Моя мама работает в школе — она учительница первого класса женской школы. О, как я хочу в школу! Школа — земля обетованная, там все самое интересное, там новая жизнь! Наконец первое сентября и знаки новой школьной жизни — форма, коричневое шерстяное платье, белый нарядный фартук, портфель с Букварем, тетрадями и деревянной ручкой с тонким пером. Первый раз в первый класс! Моя школа — женская. Напротив, через дорогу расположена мужская школа. Какая между ними большая разница! Моя школа чистенькая, ухоженная, во дворе разбиты красивые клумбы с цветами. В самой школе опрятно одетые девочки в белых фартуках и с белыми бантами в волосах чинно гуляют по коридору парами или стоят в стороне небольшими группами. Никто не бегает и не шумит. Совсем другое дело наши соседи. Пыльный двор оглашается криками играющих в футбол мальчишек. Что там внутри, я не знаю, хотя очень любопытно было бы туда заглянуть.
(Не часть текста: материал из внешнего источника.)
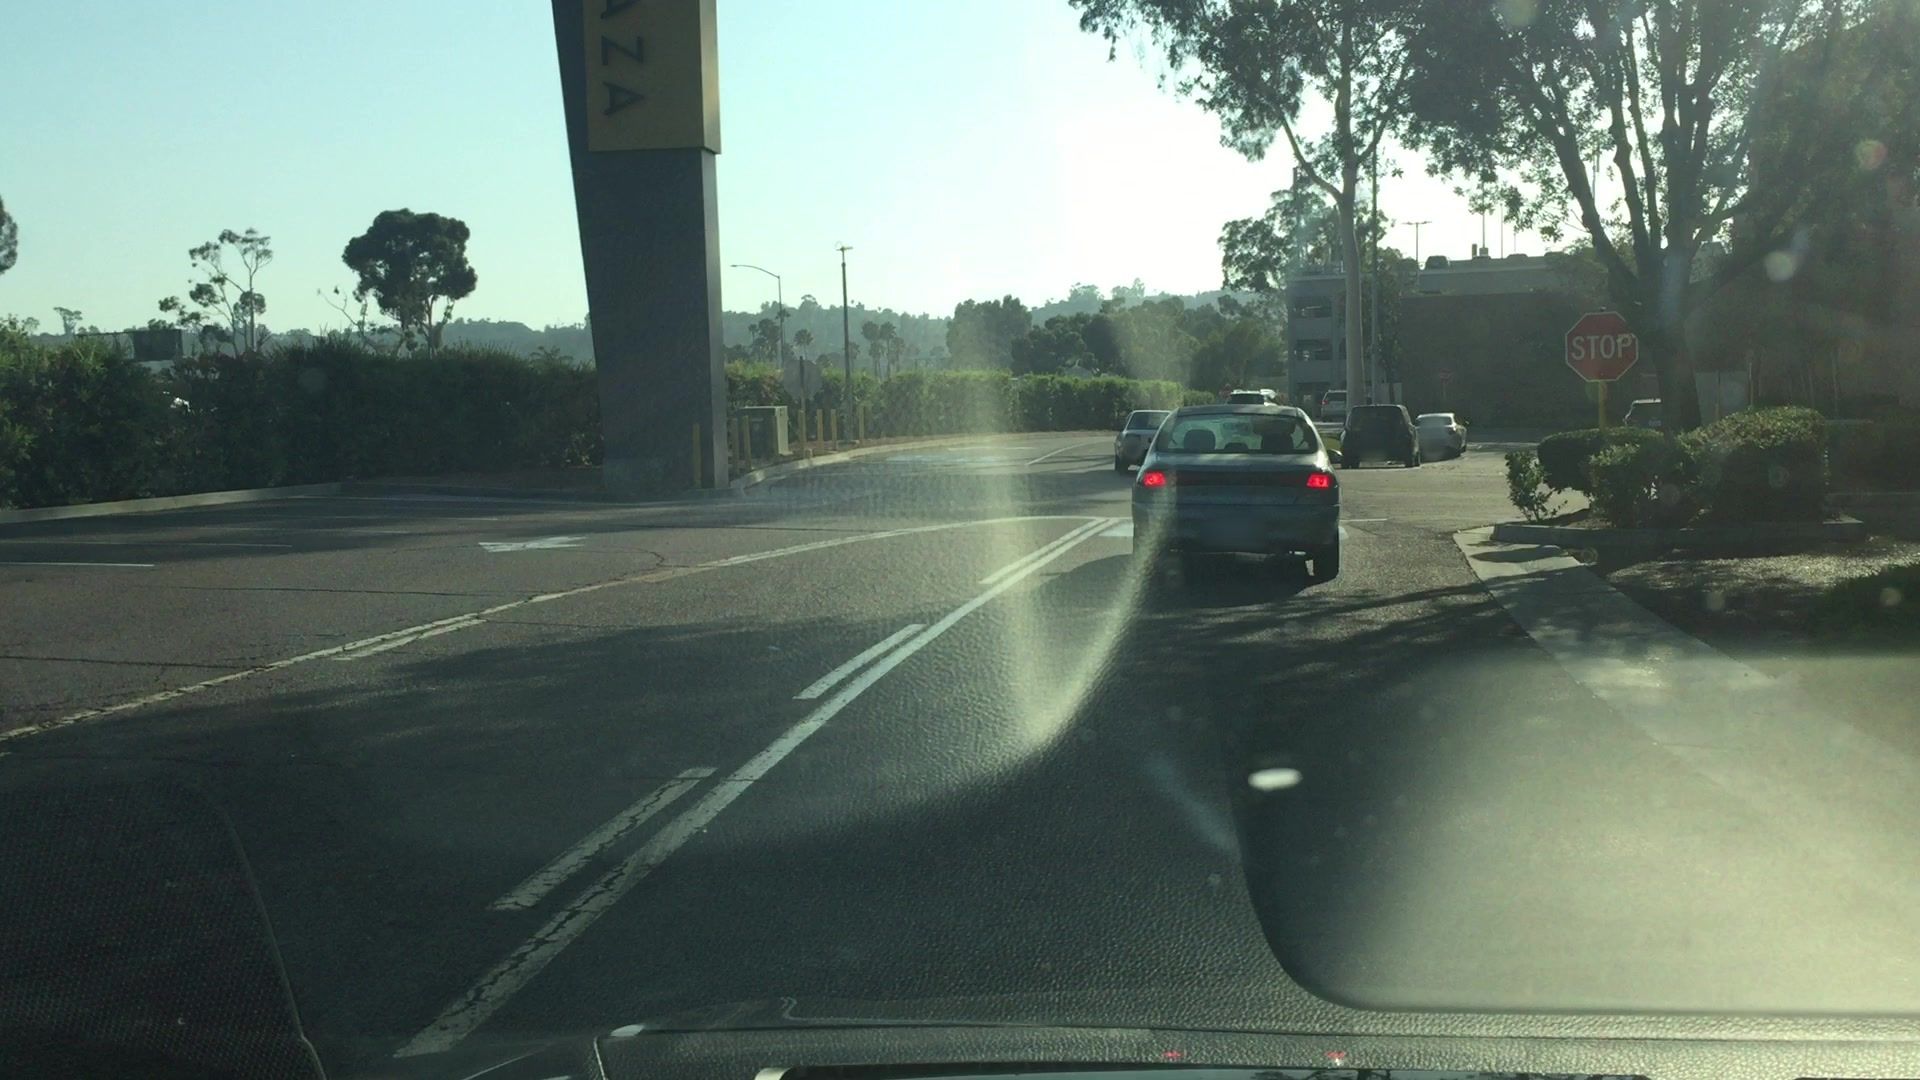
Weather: clear
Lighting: day
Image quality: slightly poor
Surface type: driving surface
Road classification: residential, service
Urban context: urban centre
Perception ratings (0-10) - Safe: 3.28, Lively: 4.85, Beautiful: 7.41, Boring: 1.81, Depressing: 3.22, Wealthy: 4.57

Мальчики тоже очень интересуются нашей школой и нами, они совершают набеги на нашу территорию и норовят толкнуть или дернуть за косы. Почти у всех девочек косы. У меня толстая коса до пояса, предмет мучений, а не гордости. Постоянно приходится расчесывать и переплетать волосы, а уж про мытье я и не говорю, тогда ведь не было шампуней. Да и мыла-то хорошего не было. Бабушка, Евдокия Максимовна, учила меня мыть голову хозяйственным мылом и полоскать уксусом. Запах уксуса всегда напоминает мне мытье волос в бане.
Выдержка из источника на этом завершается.